Peaceful Struggle Is Futile

By Thabo Mbeki

LUSAKA, Zambia - The agenda for change in South Africa is no longer being decided in the White House, 10 Downing Street, Elysee Palace or the Union Building in Pretoria. It is being decided in the townships of South Africa and among the voters of the Western countries.

This poses a considerable dilemma for the policy-makers of the West, who still cling to the illusion that there is an evolutionary answer to the South African problem

Accustomed to treating the South African regime as a legitimate Government, the leaders of the West are now obliged to consider using the kind of measures that are normally reserved for what they consider pariah states. The policy-makers prefer, however, to avoid facing the embarrassing truth - that South Africa is precisely such a state.

Thus, it is possible for President Reagan to denounce all manner of countries for their "violations of human rights." Yet he breathes not a word about the horrors of the apartheid system. Some time later, the same President produces a list of "terrorist states." Yet the Republic of South Africa is absent from the list. Washington apparently chooses to ignore the commando team that Pretoria sent into Angola to blow up American-owned oil installations and kill American personnel working in the oil fields.

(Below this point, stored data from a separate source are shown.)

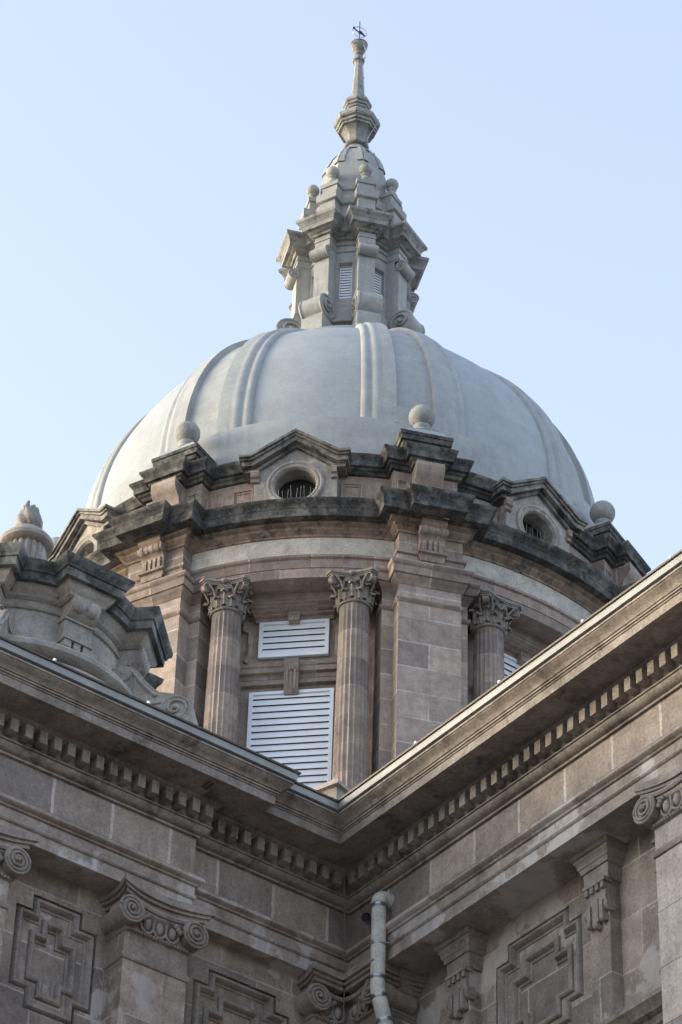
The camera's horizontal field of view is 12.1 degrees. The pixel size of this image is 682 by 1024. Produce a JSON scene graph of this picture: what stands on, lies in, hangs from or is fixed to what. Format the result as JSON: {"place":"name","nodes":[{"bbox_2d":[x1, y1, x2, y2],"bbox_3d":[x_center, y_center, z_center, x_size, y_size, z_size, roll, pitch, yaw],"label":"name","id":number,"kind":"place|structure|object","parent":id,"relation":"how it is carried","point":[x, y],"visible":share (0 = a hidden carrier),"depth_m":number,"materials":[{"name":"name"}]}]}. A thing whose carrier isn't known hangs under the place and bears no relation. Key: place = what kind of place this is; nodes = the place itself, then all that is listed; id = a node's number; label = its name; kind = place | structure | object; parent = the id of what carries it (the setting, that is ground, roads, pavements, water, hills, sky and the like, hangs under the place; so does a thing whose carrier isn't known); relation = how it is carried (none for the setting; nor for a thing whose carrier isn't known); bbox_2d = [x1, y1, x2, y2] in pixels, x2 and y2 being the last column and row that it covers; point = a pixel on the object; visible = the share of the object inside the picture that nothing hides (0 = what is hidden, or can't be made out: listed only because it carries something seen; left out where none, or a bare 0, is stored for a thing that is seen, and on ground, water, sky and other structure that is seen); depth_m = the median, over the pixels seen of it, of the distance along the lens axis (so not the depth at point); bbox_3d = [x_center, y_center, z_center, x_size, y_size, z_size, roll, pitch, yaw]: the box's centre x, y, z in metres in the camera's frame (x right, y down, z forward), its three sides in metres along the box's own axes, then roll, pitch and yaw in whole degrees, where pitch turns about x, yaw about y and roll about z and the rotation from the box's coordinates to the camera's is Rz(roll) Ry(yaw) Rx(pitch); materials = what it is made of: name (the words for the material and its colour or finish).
{"place":"outdoors","nodes":[
{"label":"outdoors","id":0,"kind":"place"},
{"bbox_2d":[0,0,681,573],"label":"sky","id":1,"kind":"structure","parent":0,"point":[158,158],"materials":[{"name":"blue"}]},
{"label":"ground","id":2,"kind":"structure","parent":0,"visible":0},
{"bbox_2d":[0,636,352,1023],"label":"wing building","id":3,"kind":"structure","parent":2,"relation":"on","point":[159,865],"depth_m":22.92,"materials":[{"name":"stone"}]},
{"bbox_2d":[0,541,197,724],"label":"round turret","id":4,"kind":"object","parent":3,"relation":"on","point":[75,611],"visible":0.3,"depth_m":27.66,"materials":[{"name":"grey stone"}]},
{"bbox_2d":[0,500,53,559],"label":"flame urn","id":5,"kind":"object","parent":4,"relation":"on","point":[31,534],"visible":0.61,"depth_m":29.16,"materials":[{"name":"grey stone"}]},
{"bbox_2d":[342,858,346,1023],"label":"hanging wire","id":6,"kind":"object","parent":3,"relation":"hanging from","point":[344,956],"visible":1,"depth_m":23.75,"materials":[{"name":"metal"}]},
{"bbox_2d":[46,322,650,789],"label":"domed tower","id":7,"kind":"structure","parent":2,"relation":"on","point":[396,582],"depth_m":59.19,"materials":[{"name":"stone"}]},
{"bbox_2d":[269,486,313,498],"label":"bird spike strip","id":8,"kind":"object","parent":7,"relation":"on","point":[287,495],"visible":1,"depth_m":59.34,"materials":[{"name":"grey metal"}]},
{"bbox_2d":[313,779,349,799],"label":"capped post","id":9,"kind":"object","parent":7,"relation":"on","point":[337,789],"visible":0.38,"depth_m":50.68,"materials":[{"name":"stone"}]},
{"bbox_2d":[275,38,428,333],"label":"lantern","id":10,"kind":"object","parent":7,"relation":"on","point":[352,250],"visible":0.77,"depth_m":71.08,"materials":[{"name":"grey stone"}]},
{"bbox_2d":[352,21,366,37],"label":"armillary weather vane","id":11,"kind":"object","parent":10,"relation":"on","point":[360,32],"visible":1,"depth_m":76.90,"materials":[{"name":"brown metal"}]},
{"bbox_2d":[363,44,378,154],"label":"lightning cable","id":12,"kind":"object","parent":10,"relation":"attached to","point":[369,108],"visible":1,"depth_m":75.00,"materials":[{"name":"metal"}]},
{"bbox_2d":[337,549,681,1023],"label":"wing building","id":13,"kind":"structure","parent":2,"relation":"on","point":[512,842],"depth_m":22.51,"materials":[{"name":"stone"}]},
{"bbox_2d":[361,912,370,925],"bbox_3d":[0.209,3.000,23.764,0.070,0.088,0.132,-18,-44,22],"label":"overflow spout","id":14,"kind":"object","parent":13,"relation":"attached to","point":[366,917],"visible":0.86,"depth_m":23.73,"materials":[{"name":"metal"}]},
{"bbox_2d":[369,891,393,1023],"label":"downpipe","id":15,"kind":"object","parent":13,"relation":"attached to","point":[381,903],"visible":1,"depth_m":23.32,"materials":[{"name":"metal"}]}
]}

The amazing thing is that those Western leaders who propagate and support these preposterous positions argue that they do so in defence of freedom, justice and democracy. Boiled down to its essence, their argument is that the people of South Africa are better off with the devil of racism that they know than the scourge of Communism - and the experts in Washington are quite convinced that Communism will descend on the hapless peoples of southern Africa once the democratic majority takes power there.

Thus, the defense of the most virulent and pernicious racism in the contemporary world is disguised as a farsighted and principled promotion of freedom, justice and democracy. And in the meantime, the democratization of South Africa is firmly and deliberately obstructed.

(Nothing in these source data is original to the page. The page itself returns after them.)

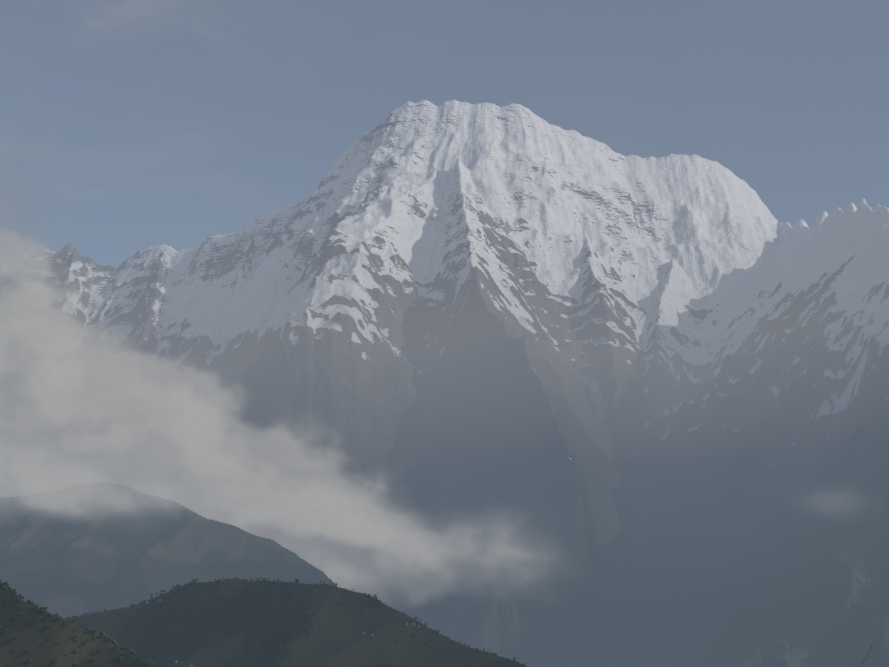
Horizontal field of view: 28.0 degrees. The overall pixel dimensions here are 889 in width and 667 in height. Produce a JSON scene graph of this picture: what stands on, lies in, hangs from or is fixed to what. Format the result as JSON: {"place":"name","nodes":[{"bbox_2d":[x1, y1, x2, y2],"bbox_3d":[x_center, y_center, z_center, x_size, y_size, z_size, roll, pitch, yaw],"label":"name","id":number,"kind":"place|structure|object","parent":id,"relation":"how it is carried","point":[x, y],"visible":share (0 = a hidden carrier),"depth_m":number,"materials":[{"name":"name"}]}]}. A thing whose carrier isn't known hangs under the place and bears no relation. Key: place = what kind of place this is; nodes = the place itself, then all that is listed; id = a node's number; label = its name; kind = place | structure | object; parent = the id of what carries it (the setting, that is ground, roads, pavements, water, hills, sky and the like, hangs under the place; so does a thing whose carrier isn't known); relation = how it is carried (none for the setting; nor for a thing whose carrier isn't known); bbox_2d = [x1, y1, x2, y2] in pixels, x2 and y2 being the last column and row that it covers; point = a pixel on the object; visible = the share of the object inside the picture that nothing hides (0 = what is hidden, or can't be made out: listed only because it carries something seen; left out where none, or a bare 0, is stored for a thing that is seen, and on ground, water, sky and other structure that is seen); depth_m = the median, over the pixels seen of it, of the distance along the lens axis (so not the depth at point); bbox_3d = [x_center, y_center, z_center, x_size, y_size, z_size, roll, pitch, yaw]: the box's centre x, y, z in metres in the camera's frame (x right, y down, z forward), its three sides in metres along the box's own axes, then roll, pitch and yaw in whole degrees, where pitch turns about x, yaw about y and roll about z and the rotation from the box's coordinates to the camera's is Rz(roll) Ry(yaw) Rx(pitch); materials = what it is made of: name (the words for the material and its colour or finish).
{"place":"outdoors","nodes":[
{"label":"outdoors","id":0,"kind":"place"},
{"bbox_2d":[0,586,150,666],"bbox_3d":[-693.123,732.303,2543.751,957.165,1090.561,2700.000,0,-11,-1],"label":"hill terrain","id":1,"kind":"structure","parent":0,"point":[32,638],"depth_m":3034.86,"materials":[{"name":"green plant"}]},
{"bbox_2d":[0,580,153,666],"bbox_3d":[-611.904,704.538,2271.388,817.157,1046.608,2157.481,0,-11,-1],"label":"hill trees","id":2,"kind":"object","parent":1,"relation":"on","point":[130,650],"visible":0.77,"depth_m":3055.58,"materials":[{"name":"green plant"}]},
{"bbox_2d":[0,500,335,618],"bbox_3d":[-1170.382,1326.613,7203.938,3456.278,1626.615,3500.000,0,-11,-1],"label":"hill terrain","id":3,"kind":"structure","parent":0,"point":[64,566],"depth_m":7664.75,"materials":[{"name":"grey"}]},
{"bbox_2d":[0,441,199,515],"bbox_3d":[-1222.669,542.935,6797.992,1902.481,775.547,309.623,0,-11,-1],"label":"cloud","id":4,"kind":"structure","parent":3,"relation":"on","point":[38,477],"depth_m":6809.90,"materials":[{"name":"white"}]},
{"bbox_2d":[65,577,525,666],"bbox_3d":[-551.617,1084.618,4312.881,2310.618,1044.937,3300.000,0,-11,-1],"label":"hill terrain","id":5,"kind":"structure","parent":0,"point":[331,641],"depth_m":4830.96,"materials":[{"name":"green plant"}]},
{"bbox_2d":[57,577,524,666],"bbox_3d":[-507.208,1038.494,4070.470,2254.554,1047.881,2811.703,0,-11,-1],"label":"hill trees","id":6,"kind":"object","parent":5,"relation":"on","point":[252,619],"visible":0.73,"depth_m":4928.84,"materials":[{"name":"green plant"}]},
{"bbox_2d":[0,0,888,267],"label":"sky","id":7,"kind":"structure","parent":0,"point":[182,124],"materials":[{"name":"blue"}]},
{"bbox_2d":[45,100,888,666],"bbox_3d":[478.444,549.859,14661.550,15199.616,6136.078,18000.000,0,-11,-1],"label":"massif","id":8,"kind":"object","parent":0,"point":[671,370],"depth_m":12397.77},
{"bbox_2d":[0,140,584,608],"bbox_3d":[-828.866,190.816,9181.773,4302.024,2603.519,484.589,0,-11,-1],"label":"cloud","id":9,"kind":"structure","parent":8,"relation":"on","point":[362,574],"depth_m":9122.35,"materials":[{"name":"white"}]},
{"bbox_2d":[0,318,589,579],"bbox_3d":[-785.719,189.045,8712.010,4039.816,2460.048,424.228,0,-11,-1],"label":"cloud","id":10,"kind":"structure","parent":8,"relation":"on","point":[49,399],"depth_m":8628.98,"materials":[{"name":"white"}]}
]}

The problem arises when the South African regime acts in a manner that clearly reveals its abhorrent and unacceptable nature. What must the Western policy-makers do when the people of South Africa rise up and are killed because they proclaim freedom, justice and democracy and denounce a racist order? The problem is compounded when those whom the experts are supposed to represent in this case, the American people also stand up and call for an end to the white minority domination in South Africa.

When this happens, the policymakers must make an effort to catch up with their constituencies to appear, at least, to appease and respond to the demands of the overwhelming majority of the people of South Africa. At the same time, however, they are determined not to treat the racist rulers of South Africa as a regime of outlaws.

The future will be decided in the streets and among Western voters

Out of this compound of irreconcilables emerges a two-pronged strategy. First, the black people of South Africa - African, colored and Indian - are fed on a diet of words expressing hostility to apartheid. Our eats tingle to the thunderous announcements of actions taken or about to be taken against Pretoria. In fact, however, the actions are designed to have the minimum possible impact on the apartheid system and on those who enforce it.

What's incredible is that when we blacks speak out against such pusillanimity, we are reassured that it is really for our own good: after all, we are told, if a boulder were to fall on

President P. W. Botha's head, we, the oppressed, would be hurt more than he would.

The second prong of this strategy is to do everything possible to insure that President Botha does not get hurt, and to reassure him whenever possible that the major Western governments will do nothing to hurt him. Sometimes these reassurances come as sheep dressed in wolfish clothes, measures described as sanctions but designed not to have any impact at all.

Clearly this strategy is indefensible. Those who have elaborated it, including the American and British Governments, know this, but they try to disguise it by holding out the promise of an evolutionary solution.

The problem is that an evolutionary process is predicated on the quiescence of the oppressed, a quiescence imposed and maintained by the oppressor. It is that relationship between oppressor and oppressed - a relationship perfectly embodied in the brutal state of emergency declared last month - that allows the Botha regime to argue that the people of South Africa either accept the status quo or would be satisfied by any meaningless "reform program" that the racists choose to implement. It is, however, precisely this relationship that we blacks are challenging.

The question that President Reagan and Prime Minister Margaret Thatcher of Britain have yet to answer is this: If there is no pressure for change, why should President Botha and the rest of white South Africa initiate change?

It will not do to argue that our struggle inside South Africa is permissible only if it is peaceful. The teacher Matthew Goniwe, the lawyer Victoria Mxenge and many others have been murdered for their involvement in a peaceful struggle. Thirty-eight of their colleagues in the leadership of the United Democratic Front are facing treason charges for no reason other than that they encouraged South Africans to unite in a peaceful struggle for a democratic South Africa.

We will emerge victorious in this struggle - however many people we lose in the process. We still call for meaningful sanctions to minimize that loss of life. We rely on the voters to whom even such people as President Reagan owe their positions to insure that the West participates in bringing about a democratic South Africa.

The Western governments cannot continue to help perpetuate apartheid. The millions of antiracist voters who elected them must oblige their governments to impose sanctions.


Thabo Mbeki is director of information and publicity for the African National Congress, the outlawed guerrilla group fighting white rule in South Africa.